Additional Insights #

  • Unified Platform: Interest in merging SWP/capstone/thesis projects into one system.

  • Skill Validation: Use course grades to surface warnings (not auto-exclusions) for manual verification.Example: “If a student claims C++ but has a low grade, alert teachers to confirm proficiency.”

  • Stakeholder Pain Point:

    “Today was my non-working day… turned into a fully working day” → Emphasizes need for efficiency gains.

Next Steps Supported #

  • Pilot testing and integration with university systems (digital profile).
  • Collaboration to refine skill-matching algorithms and analytics.

Management changes #

Following the MVP development week, we recognized the need to improve our workflow. As a result, we began managing our User Stories and Acceptance Criteria directly in Jira, organizing them into structured subtasks. This change provided greater clarity, improved task ownership, and helped us better understand the overall project structure.

Vibe Check #

Overall, the team is feeling positive and motivated. Most members are in a good working rhythm, though there were some temporary setbacks: one of our frontend developers was sick, and our ML developer is just recovering after being unwell. Other team members are currently facing multiple academic deadlines, which added some pressure during the sprint.
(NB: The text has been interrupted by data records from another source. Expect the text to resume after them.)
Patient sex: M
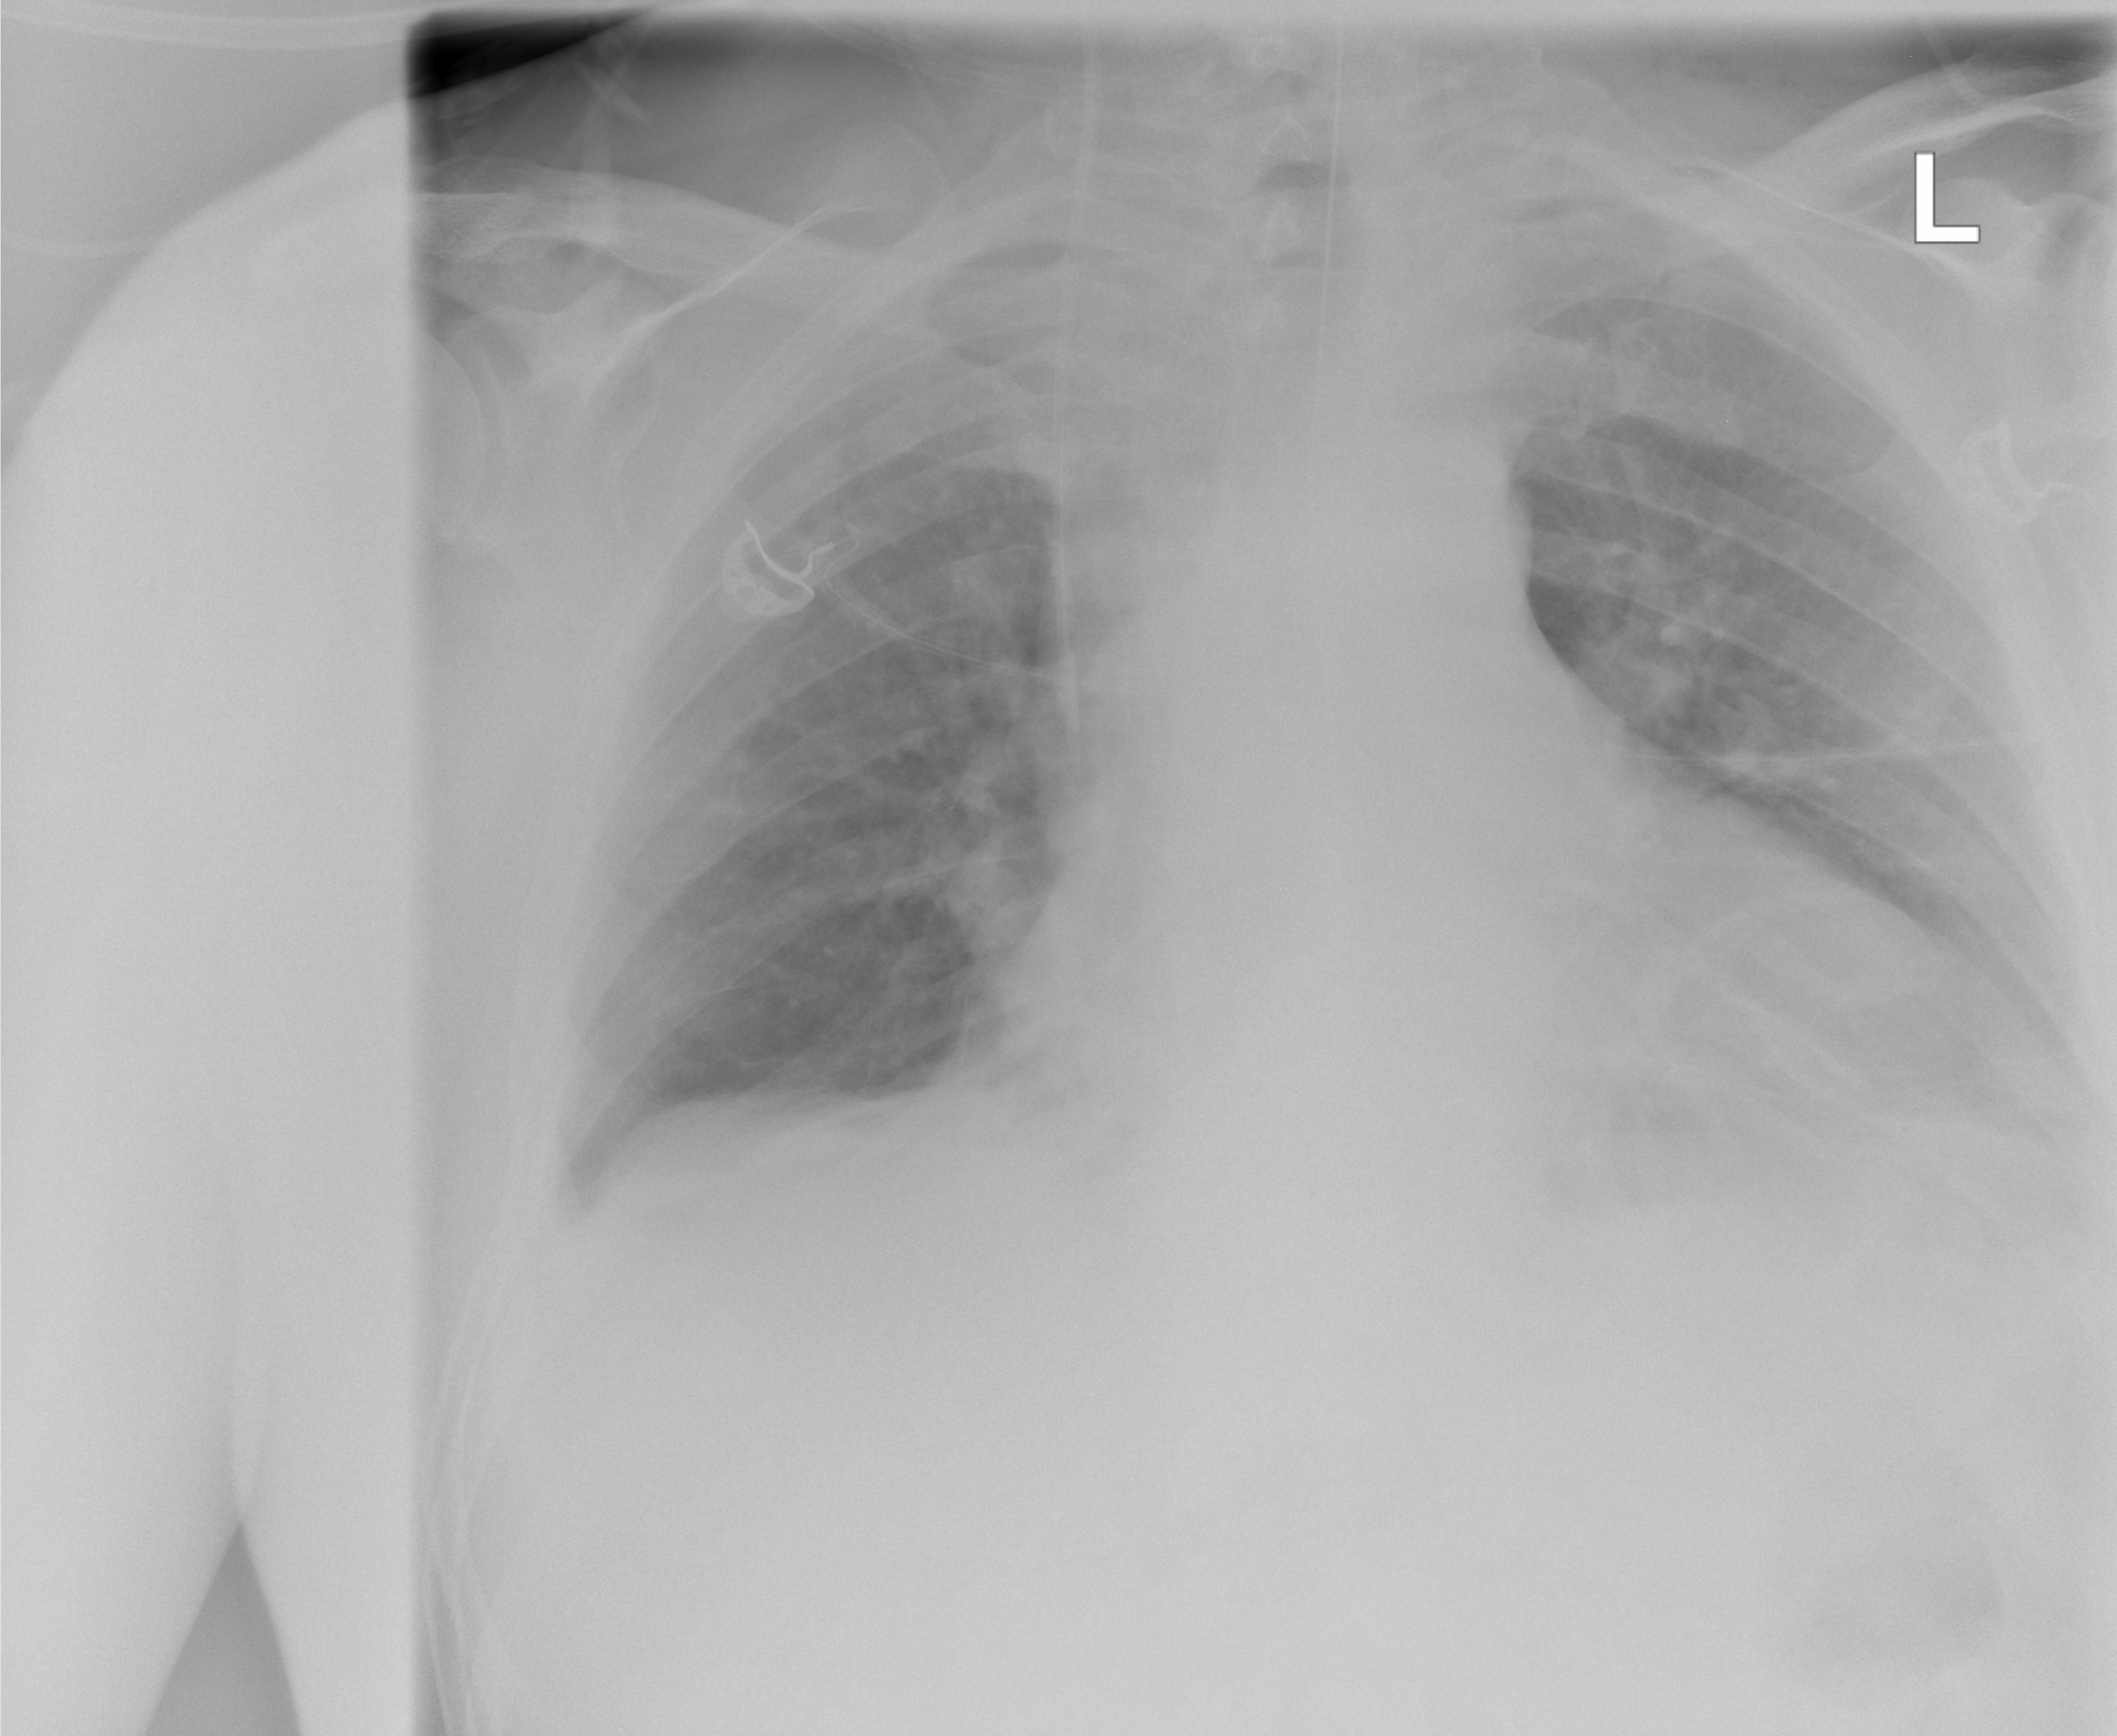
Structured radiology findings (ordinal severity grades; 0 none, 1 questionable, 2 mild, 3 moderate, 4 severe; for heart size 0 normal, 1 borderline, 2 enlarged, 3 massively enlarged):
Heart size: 0
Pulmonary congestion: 0
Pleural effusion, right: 0
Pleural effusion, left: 0
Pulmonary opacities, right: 0
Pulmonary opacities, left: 0
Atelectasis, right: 1
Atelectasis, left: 1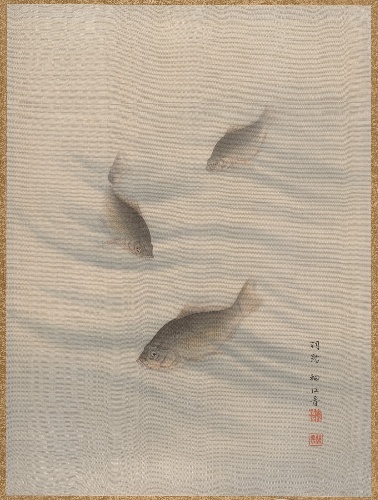
Artist: Seki Shūkō
Artist bio: Japanese, 1858–1915
Date: ca. 1890–92
Object type: Album leaf
Classification: Paintings
Medium: Album leaf; ink and color silk
Culture: Japan
Period: Meiji period (1868–1912)
Dimensions: 14 1/4 x 10 1/2 in. (36.2 x 26.7 cm)
Department: Asian Art
Credit line: Charles Stewart Smith Collection, Gift of Mrs. Charles Stewart Smith, Charles Stewart Smith Jr., and Howard Caswell Smith, in memory of Charles Stewart Smith, 1914
Accession year: 1914
Repository: Metropolitan Museum of Art, New York, NY
Tags: Fish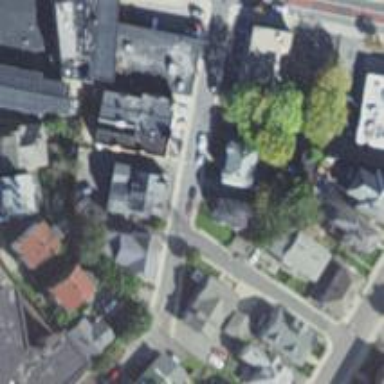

Despite that, we made a strong effort to complete as much work as possible. To lift the mood after a not-so-smooth MVP demo, we had a relaxed team meeting with tea and sweets kindly brought by Liza — it helped us reset and support each other.

Weekly commitments #

Individual contribution of each participant #

Team memberContributionJira tasks
Diana MInnakhmetova (Lead)Held 3 meetings, made design improvements, analyzed meetings with stakeholders, managed improvements in team workTS-176, TS-170, TS-171, TS-172
Danis SharafievImplement basic model validation/testing, Define a set of metrics, research algorithms to improve tag-based, Create a tool to calculate metrics (all info in ML paragraph)TS-146, TS-156, TS-163. TS-165
Daria AlexandrovaUnit tests, make it possible to go back to the home page from the project creation page, fixing problems from the previous week
(She was sick for 4 days of the sprint)TS-167, TS-175, TS-174. PR-54, PR-55, PR-56
Stepan DementevUpdated security filtering, Added sample tests for Liza, Initialized CI/CD + prepared nginx on remote machine for deployment, Created template for tests in CI, Released new resume service + bugfixingTS-110, TS-115, TS-116, TS-173, TS-161, TS-147, TS-153, TS-162, TS-154, TS-160
Elizaveta ZagurskihAdded custom logging to backend services ( PR-43, PR-52), implemented integrated and unit tests for resume service ( PR-53), refactored the auth service registration to delegate all user creation to the Resume service via HTTP calls ( PR-43)TS-159, TS-166, TS-113, TS-112
Kamilya ShakirovaFix methods in DB class, Fix redis in models( all info in ML paragraph)TS-108, TS-109

Plan for Next Week #

Backend #

  • Complete logic for applications for project owners in Projects service
  • Add tests
  • Release recommendation service

Design #

  • “Student dashboard” page
  • “Onboarding” page
  • “Notification” page
  • “Favorite projects” page

Frontend #

  • “My projects” page
  • “My responces” page
  • Applying for project
  • Decline/Approve project request
  • “Favorite projects” page
  • “Student dashboard” page

ML #

  • Optimization of Docker containers
  • Replacing FAISS with Qdrant for vector search
  • Integrating Airflow and Postgres into the main database
  • Adding caching for description-based recommendations
  • Implementing the researched algorithm for tag-based recommendations
  • Creating a new module in the recommendation system for role-based matching
  • Adding a basic search system to the platform

Confirmation of the code’s operability #

We confirm that the code in the main branch:

  • In working condition.
  • Run via docker-compose (or another alternative described in the README.md).